Cena akcji Gazpromu na zakończenie środowej sesji giełdowej wynosiła 283,51 rubla. W czwartek w dniu ataku Rosji na Ukrainę , ok. 11:30 polskiego czasu spadła do 129,47 rubla, później odbiła się do poziomu ok. 180 rubli. Notowania 24 lutego cechowały się ogromną chwiejnością, spadek wartości spółki mieścił się w przedziale 40-60% w porównaniu do wyceny z środy 23 lutego.
Obłęd na stacjach benzynowych
Stacja benzynowa w obliczu wojny staje się w społecznym postrzeganiu niezwykle ważnym strategicznym obiektem. Odruch zadziałał i tym razem, polscy kierowcy rzucili się tankować na zapas, mimo braku jakichkolwiek realnych powodów, dla których paliwa może zabraknąć. Rzucili się z takim impetem, że niektórzy postanowili zarobić dodatkowo, a PKN Orlen – po najwyraźniej nieskutecznych apelach, delikatnie ale jednak ograniczył na swoich stacjach ilość tankowanego paliwa.
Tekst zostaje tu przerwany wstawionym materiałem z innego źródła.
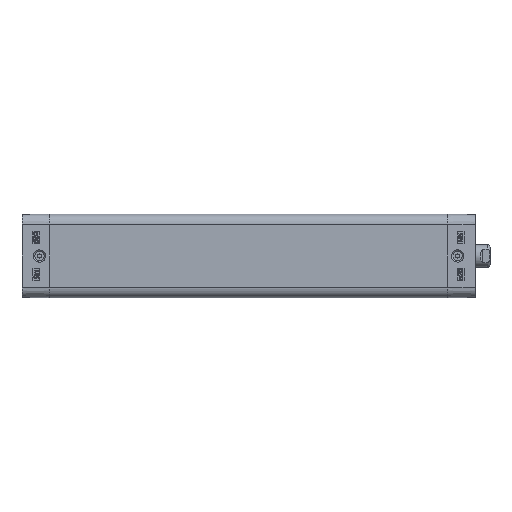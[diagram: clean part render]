
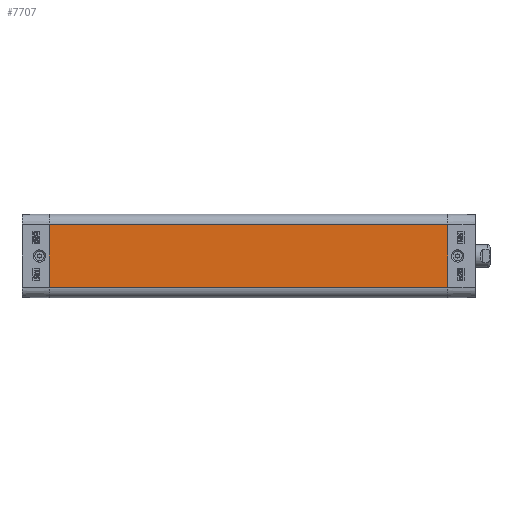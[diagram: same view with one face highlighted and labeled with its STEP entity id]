
A CAD part, left-side view. The second image highlights one B-rep face of the part: STEP entity #7707.
In plain terms, the highlighted planar face has unit normal (-1, 0, 0).
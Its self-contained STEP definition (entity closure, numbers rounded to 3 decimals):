
#6225=CARTESIAN_POINT('',(-18.15,-173.5,13.65));
#6226=VERTEX_POINT('',#6225);
#6233=CARTESIAN_POINT('',(-18.15,-173.5,-13.65));
#6234=VERTEX_POINT('',#6233);
#6235=CARTESIAN_POINT('',(-18.15,-173.5,-13.65));
#6236=DIRECTION('',(0.0,0.0,1.0));
#6237=VECTOR('',#6236,27.3);
#6238=LINE('',#6235,#6237);
#6239=EDGE_CURVE('',#6234,#6226,#6238,.T.);
#7665=CARTESIAN_POINT('',(-18.15,0.0,-13.65));
#7666=VERTEX_POINT('',#7665);
#7667=CARTESIAN_POINT('',(-18.15,0.0,-13.65));
#7668=DIRECTION('',(0.0,-1.0,0.0));
#7669=VECTOR('',#7668,173.5);
#7670=LINE('',#7667,#7669);
#7671=EDGE_CURVE('',#7666,#6234,#7670,.T.);
#7684=CARTESIAN_POINT('',(-18.15,0.0,-13.65));
#7685=DIRECTION('',(-1.0,0.0,0.0));
#7686=DIRECTION('',(0.0,0.0,1.0));
#7687=AXIS2_PLACEMENT_3D('',#7684,#7685,#7686);
#7688=PLANE('',#7687);
#7689=ORIENTED_EDGE('',*,*,#6239,.T.);
#7690=CARTESIAN_POINT('',(-18.15,0.0,13.65));
#7691=VERTEX_POINT('',#7690);
#7692=CARTESIAN_POINT('',(-18.15,0.0,13.65));
#7693=DIRECTION('',(0.0,-1.0,0.0));
#7694=VECTOR('',#7693,173.5);
#7695=LINE('',#7692,#7694);
#7696=EDGE_CURVE('',#7691,#6226,#7695,.T.);
#7697=ORIENTED_EDGE('',*,*,#7696,.F.);
#7698=CARTESIAN_POINT('',(-18.15,0.0,-13.65));
#7699=DIRECTION('',(0.0,0.0,1.0));
#7700=VECTOR('',#7699,27.3);
#7701=LINE('',#7698,#7700);
#7702=EDGE_CURVE('',#7666,#7691,#7701,.T.);
#7703=ORIENTED_EDGE('',*,*,#7702,.F.);
#7704=ORIENTED_EDGE('',*,*,#7671,.T.);
#7705=EDGE_LOOP('',(#7689,#7697,#7703,#7704));
#7706=FACE_OUTER_BOUND('',#7705,.T.);
#7707=ADVANCED_FACE('',(#7706),#7688,.T.);

W obliczu rosyjskiej agresji na Ukrainie używanie tu militarnych porównań do szturmu, oblężenia itp. jest nie na miejscu. Umówmy się więc, że na stacjach benzynowych mieliśmy do czynienia z nadzwyczajnym zainteresowaniem nalaniem paliwa do zbiornika, a w wielu przypadkach także i do kanistrów.
Zaczęło się w dniu wybuchu wojny. Jasno pokazują to dane PKO Research z zestawieniem dziennych płatności na stacjach benzynowych. W czwartek 24 lutego, kiedy od rana wiadomo już było o rosyjskiej napaści, wysokość transakcji na stacjach była 11 razy większa, niż przyjęta jako punkt wyjścia średnia wartość ze stycznia 2019 roku. Trudno o lepszy dowód, że zagrały czynniki psychologiczne, był to po prostu wybuch paniki.
Paliw nie zabraknie dlatego, że nie ma żadnych przerw, ani w dostawach ropy, ani w pracy rafinerii. Owszem, Rosja jest największym pojedynczym dostawcą tego surowca do Polski, głównie przez rurociąg Przyjaźń, przechodzący w drodze na zachód przez Białoruś. Zarządzająca nim spółka PERN nie zanotowała i nie notuje żadnych zakłóceń w stosunku do harmonogramu. Ropa ze Wschodu płynie normalnie. Co więcej, płynie ona dalej na zachód, do rafinerii w Niemczech, w których Rosjanie także mają udziały.
Druga sprawa to fakt, że dziś rosyjska ropa to już tylko około połowy przerobu największej rafinerii w Płocku. Reszta surowca dociera z całego świata przez naftoport w Gdańsku. Gdańska rafineria połykanego przez Orlen Lotosu także korzysta z dostaw morzem. A ruchowi tankowców na Bałtyku nic nie grozi. Orlen ma też rafinerie na Litwie i w Czechach, zaopatrywane innymi drogami, i na co dzień sprowadza paliwo z nich do Polski.
Jest jeszcze kwestia zapasów obowiązkowych. Producenci i obracający paliwami muszą trzymać w kraju zapasy obowiązkowe w wysokości 53 dni średniej dziennej produkcji paliw lub przywozu ropy naftowej albo paliw. I tyle trzymają, m.in. w magazynach PERNu, albo w kawernach solnych IKS Solino – spółki z grupy Orlenu. A są jeszcze zapasy bieżące, z których korzysta się do bieżącej sprzedaży.
Krajowa infrastruktura logistyki paliw jest dobrze rozwinięta, i nie byłoby żadnego problemu z dystrybucja w razie potrzeby. Której oczywiście teraz nie było.